[Date Prev][Date Next][Thread Prev][Thread Next][Date Index][Thread Index]

Re: [Condor-users] Greetings, and rtgen over Condor



On 7/1/05, Miguel Dilaj <mdilaj@xxxxxxxxxxxxx> wrote:
> Hi all,
> 
> I'm an absolutely new starter with Condor (5 hours!).

fresh meat :)

> I had Condor 6.6.10 for Win up and running in a few pilot boxes in no time,
> and run rtgen using a .sub adapted from the rc5.sub in the examples.

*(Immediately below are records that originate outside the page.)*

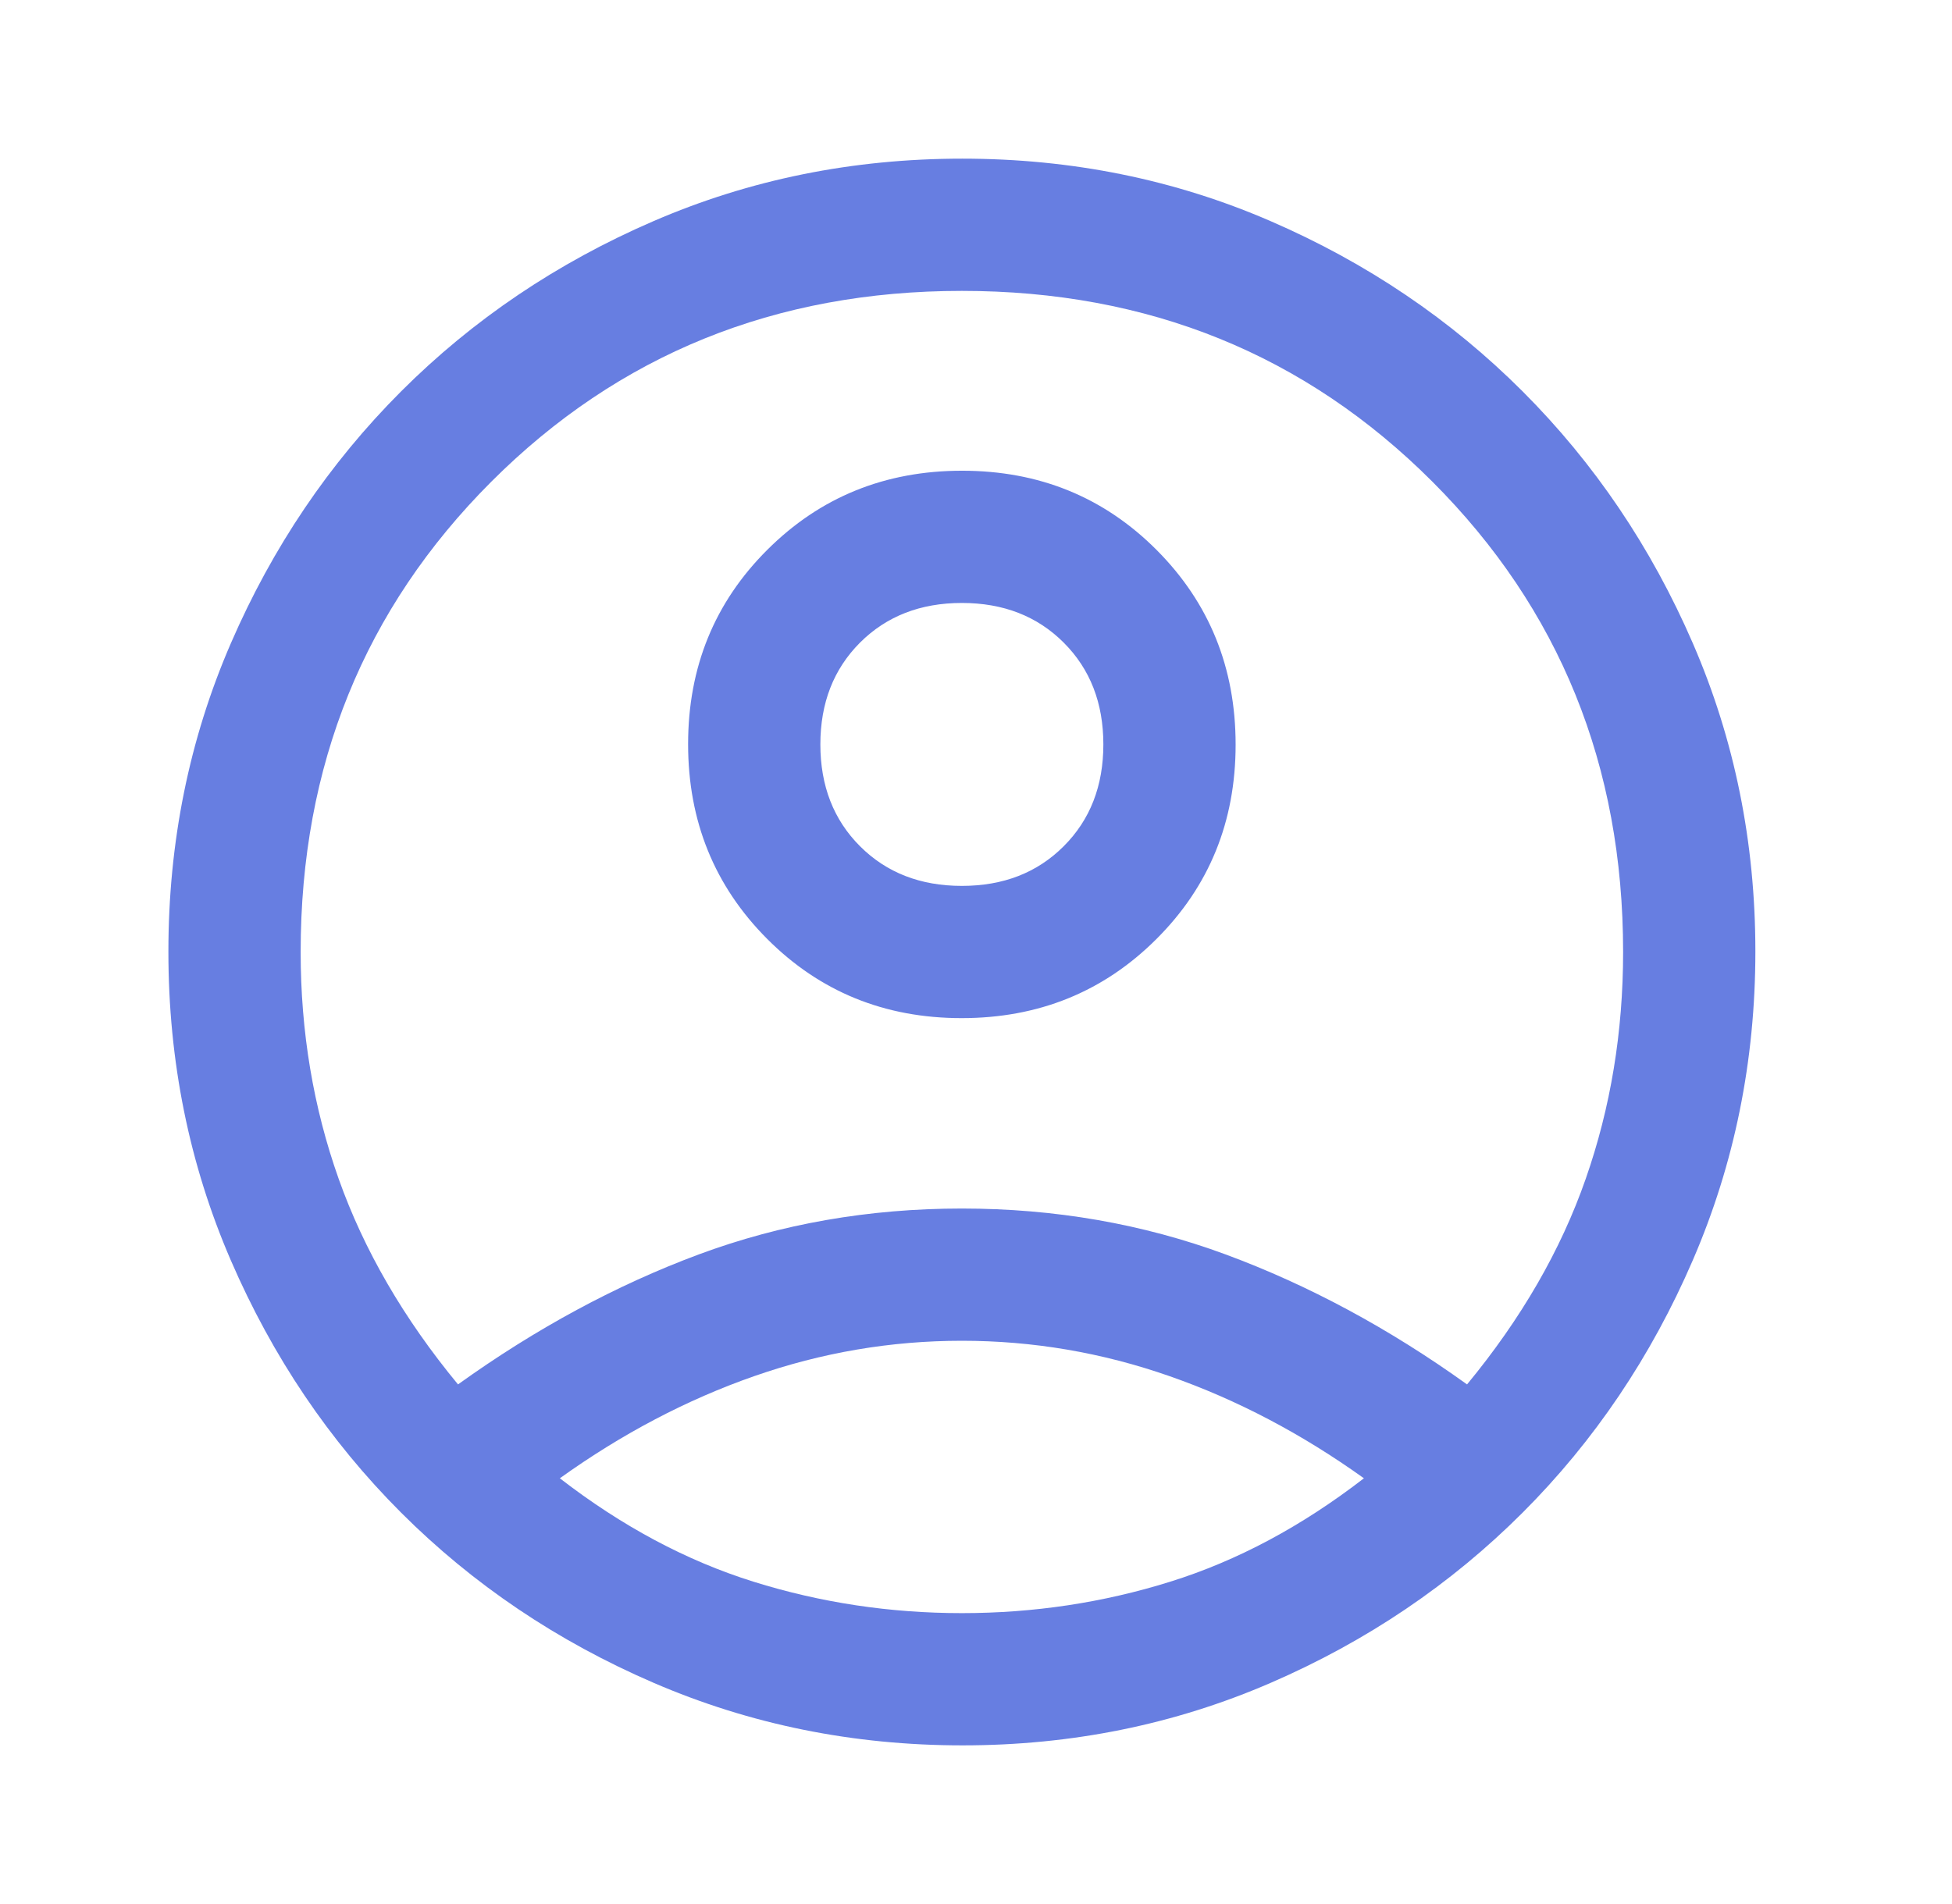 <svg width="41" height="40" viewBox="0 0 41 40" fill="none" xmlns="http://www.w3.org/2000/svg">
<mask id="mask0_142_7058" style="mask-type:alpha" maskUnits="userSpaceOnUse" x="0" y="0" width="41" height="40">
<rect x="0.203" width="40" height="40" fill="#D9D9D9"/>
</mask>
<g mask="url(#mask0_142_7058)">
<path d="M9.62 29.084C11.259 27.908 12.944 26.998 14.675 26.354C16.407 25.711 18.25 25.389 20.203 25.389C22.157 25.389 24.004 25.711 25.745 26.354C27.486 26.998 29.176 27.908 30.814 29.084C31.953 27.704 32.784 26.264 33.307 24.764C33.831 23.264 34.092 21.676 34.092 20C34.092 16.084 32.757 12.79 30.085 10.118C27.414 7.447 24.12 6.111 20.203 6.111C16.287 6.111 12.993 7.447 10.321 10.118C7.65 12.79 6.315 16.084 6.315 20C6.315 21.676 6.581 23.264 7.113 24.764C7.645 26.264 8.481 27.704 9.62 29.084ZM20.198 21.389C18.581 21.389 17.22 20.834 16.113 19.724C15.007 18.614 14.453 17.251 14.453 15.634C14.453 14.017 15.008 12.655 16.118 11.549C17.228 10.442 18.591 9.889 20.208 9.889C21.825 9.889 23.187 10.444 24.294 11.554C25.4 12.664 25.953 14.027 25.953 15.644C25.953 17.261 25.398 18.623 24.288 19.729C23.179 20.836 21.815 21.389 20.198 21.389ZM20.216 36.667C17.921 36.667 15.759 36.229 13.731 35.354C11.703 34.479 9.935 33.287 8.425 31.778C6.916 30.269 5.724 28.502 4.849 26.479C3.974 24.456 3.537 22.294 3.537 19.993C3.537 17.692 3.974 15.533 4.849 13.514C5.724 11.496 6.916 9.732 8.425 8.222C9.935 6.713 11.701 5.521 13.725 4.646C15.748 3.771 17.91 3.333 20.211 3.333C22.511 3.333 24.671 3.771 26.689 4.646C28.708 5.521 30.472 6.713 31.981 8.222C33.49 9.732 34.682 11.496 35.557 13.515C36.432 15.534 36.87 17.691 36.87 19.987C36.87 22.283 36.432 24.445 35.557 26.472C34.682 28.5 33.49 30.269 31.981 31.778C30.472 33.287 28.708 34.479 26.689 35.354C24.669 36.229 22.512 36.667 20.216 36.667ZM20.203 33.889C21.712 33.889 23.171 33.669 24.578 33.229C25.986 32.79 27.342 32.065 28.648 31.056C27.342 30.121 25.981 29.405 24.564 28.91C23.148 28.415 21.694 28.167 20.203 28.167C18.712 28.167 17.259 28.415 15.842 28.91C14.425 29.405 13.064 30.121 11.759 31.056C13.064 32.065 14.421 32.79 15.828 33.229C17.236 33.669 18.694 33.889 20.203 33.889ZM20.203 18.611C21.074 18.611 21.787 18.334 22.342 17.778C22.898 17.223 23.175 16.509 23.175 15.639C23.175 14.769 22.898 14.056 22.342 13.5C21.787 12.945 21.074 12.667 20.203 12.667C19.333 12.667 18.62 12.945 18.064 13.5C17.509 14.056 17.231 14.769 17.231 15.639C17.231 16.509 17.509 17.223 18.064 17.778C18.62 18.334 19.333 18.611 20.203 18.611Z" fill="#677EE1"/>
</g>
</svg>

This is a Good Idea - I think anyone with a problem on an initial pool
setup should try to submit printname and cpusoak before asking for
help :)

> I'm particularly interested in knowing if there're any
> drawbacks of using Condor in this scenario, where biiiiig files are
> generated on each node.

There are a few. For starters you should ensure any large files which
aren't needed back on the submitter are deleted or created in a sub
directory of the initial dir since these are not transferred
automatically.

Second if you are supporting manual checkpointing it is quite possible
to blitz your schedd with a mass eviction (I have seen a dual Xeon
machine with scsi disks and 100M network annihilated by 40 evictions
each with about 1/2 Gig of data).
There are mechanisms to slow the starting of jobs but not the pace of
eviction. IF you want the evictions to succeed with significant
amounts of data I strongly suggest increasing the KILL setting to
allow up to 30minutes!

The space for the execute directory would ideally be allocated on a
sizable disk separate from the main OS install. The significant extra
load on the disk may well increase the chance of failure as well as
potentially annoying the provider if it fills up.

Best of luck!

Matt